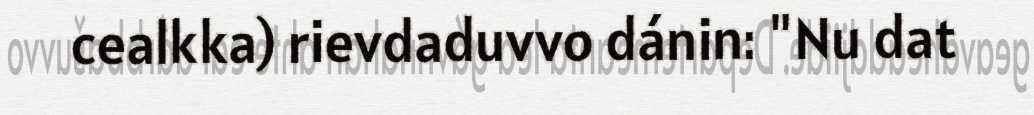
cealkka) rievdaduvvo dánin: "Nu dat
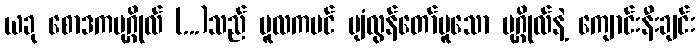
ယခု စောဒကပုဂ္ဂိုလ် (...)သည် မူလကပင် ပျံလွန်တော်မူသော ပုဂ္ဂိုလ်နဲ့ ကျောင်းနီးချင်း
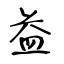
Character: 益
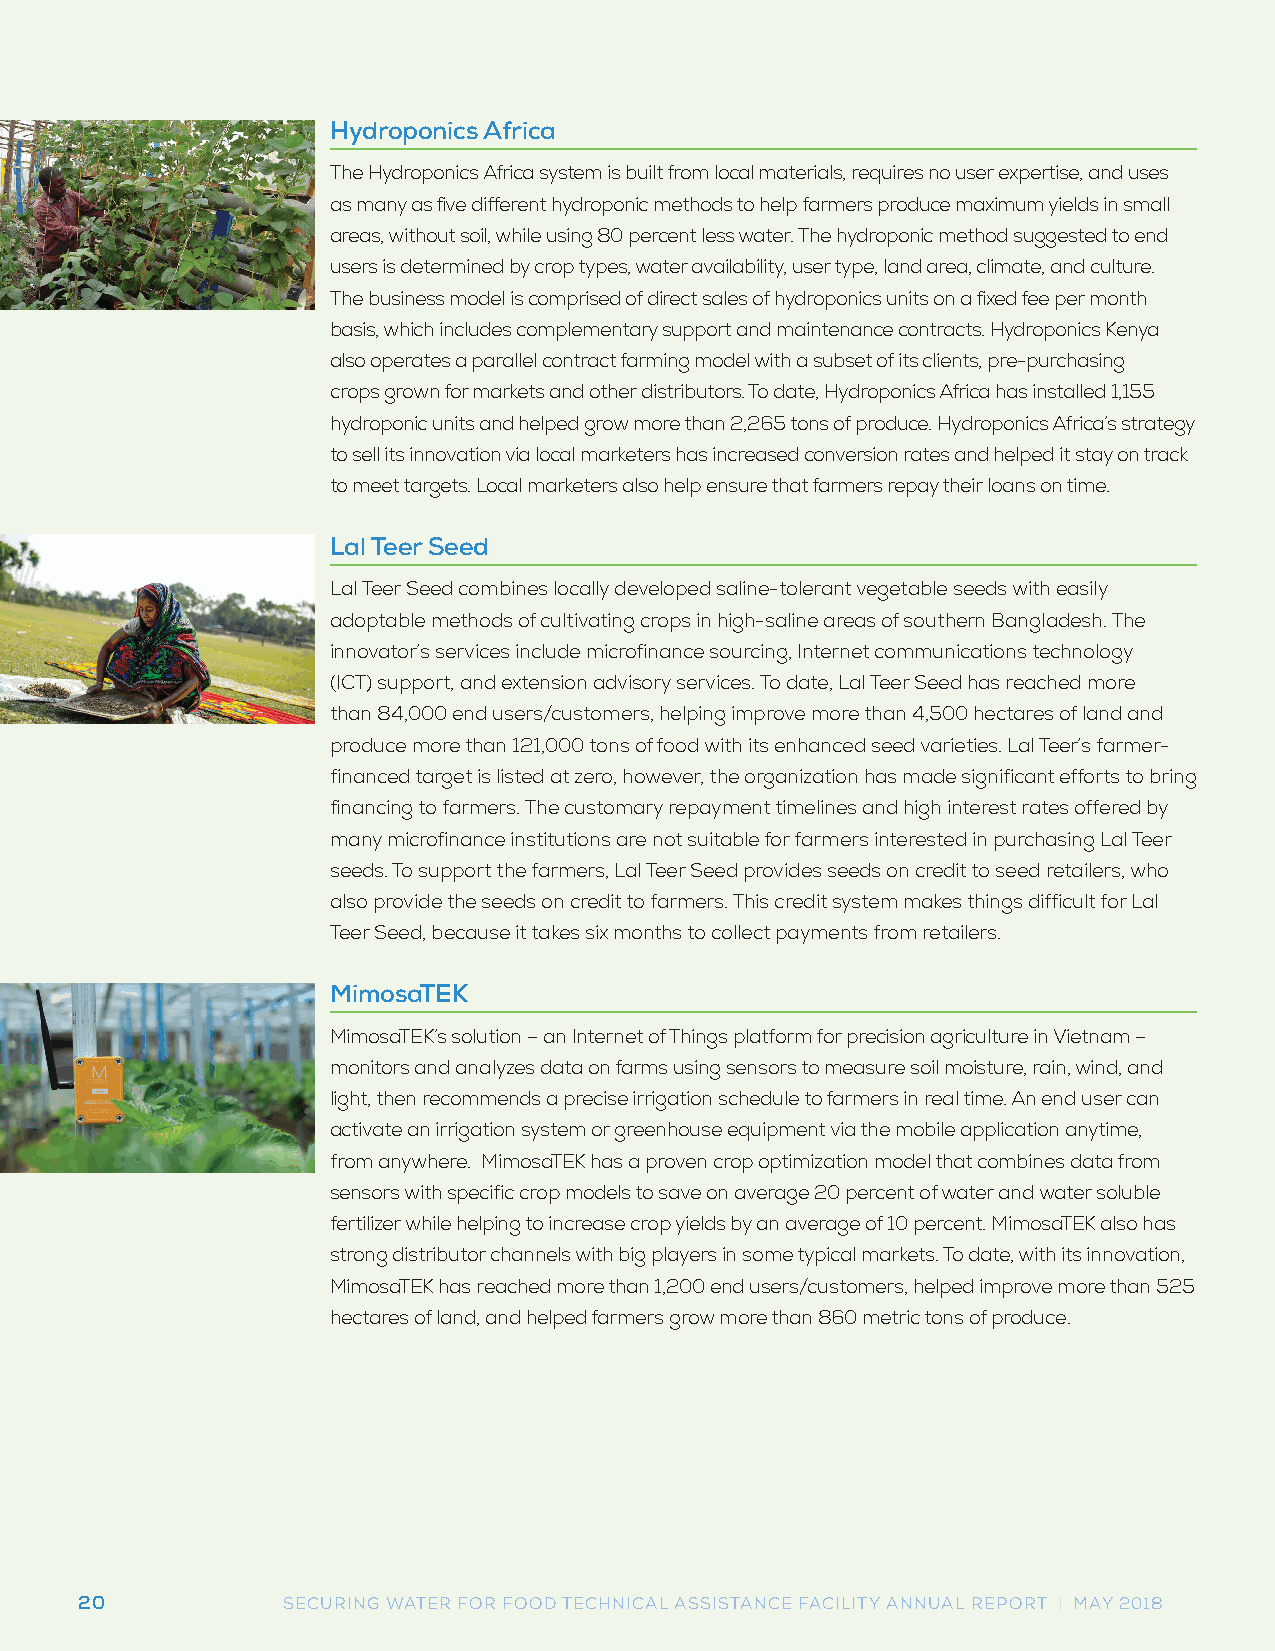
Hydroponics Africa
 The Hydroponics Africa system is built from local materials, requires no user expertise, and uses
 as many as five different hydroponic methods to help farmers produce maximum yields in small
 areas, without soil, while using 80 percent less water. The hydroponic method suggested to end
 users is determined by crop types, water availability, user type, land area, climate, and culture.
 The business model is comprised of direct sales of hydroponics units on a fixed fee per month
 basis, which includes complementary support and maintenance contracts. Hydroponics Kenya
 also operates a parallel contract farming model with a subset of its clients, pre-purchasing
 crops grown for markets and other distributors. To date, Hydroponics Africa has installed 1,155
 hydroponic units and helped grow more than 2,265 tons of produce. Hydroponics Africa’s strategy
 to sell its innovation via local marketers has increased conversion rates and helped it stay on track
 to meet targets. Local marketers also help ensure that farmers repay their loans on time.
 Lal Teer Seed
 Lal Teer Seed combines locally developed saline-tolerant vegetable seeds with easily
 adoptable methods of cultivating crops in high-saline areas of southern Bangladesh. The
 innovator’s services include microfinance sourcing, Internet communications technology
 (ICT) support, and extension advisory services. To date, Lal Teer Seed has reached more
 than 84,000 end users/customers, helping improve more than 4,500 hectares of land and
 produce more than 121,000 tons of food with its enhanced seed varieties. Lal Teer’s farmer-
 financed target is listed at zero, however, the organization has made significant efforts to bring
 financing to farmers. The customary repayment timelines and high interest rates offered by
 many microfinance institutions are not suitable for farmers interested in purchasing Lal Teer
 seeds. To support the farmers, Lal Teer Seed provides seeds on credit to seed retailers, who
 also provide the seeds on credit to farmers. This credit system makes things difficult for Lal
 Teer Seed, because it takes six months to collect payments from retailers.
 MimosaTEK
 MimosaTEK’s solution – an Internet of Things platform for precision agriculture in Vietnam –
 monitors and analyzes data on farms using sensors to measure soil moisture, rain, wind, and
 light, then recommends a precise irrigation schedule to farmers in real time. An end user can
 activate an irrigation system or greenhouse equipment via the mobile application anytime,
 from anywhere. MimosaTEK has a proven crop optimization model that combines data from
 sensors with specific crop models to save on average 20 percent of water and water soluble
 fertilizer while helping to increase crop yields by an average of 10 percent. MimosaTEK also has
 strong distributor channels with big players in some typical markets. To date, with its innovation,
 MimosaTEK has reached more than 1,200 end users/customers, helped improve more than 525
 hectares of land, and helped farmers grow more than 860 metric tons of produce.
 20            SECURING WATER FOR FOOD TECHNICAL ASSISTANCE FACILITY ANNUAL REPORT | MAY 2018

Your goal: The images in the entries above should be left out; please reproduce exactly the lines from the first through the one containing "areas, without soil, while".

Answer box:
cealkka) rievdaduvvo dánin: "Nu dat
ယခု စောဒကပုဂ္ဂိုလ် (...)သည် မူလကပင် ပျံလွန်တော်မူသော ပုဂ္ဂိုလ်နဲ့ ကျောင်းနီးချင်း
Character: 益
Hydroponics Africa
 The Hydroponics Africa system is built from local materials, requires no user expertise, and uses
 as many as five different hydroponic methods to help farmers produce maximum yields in small
 areas, without soil, while using 80 percent less water. The hydroponic method suggested to end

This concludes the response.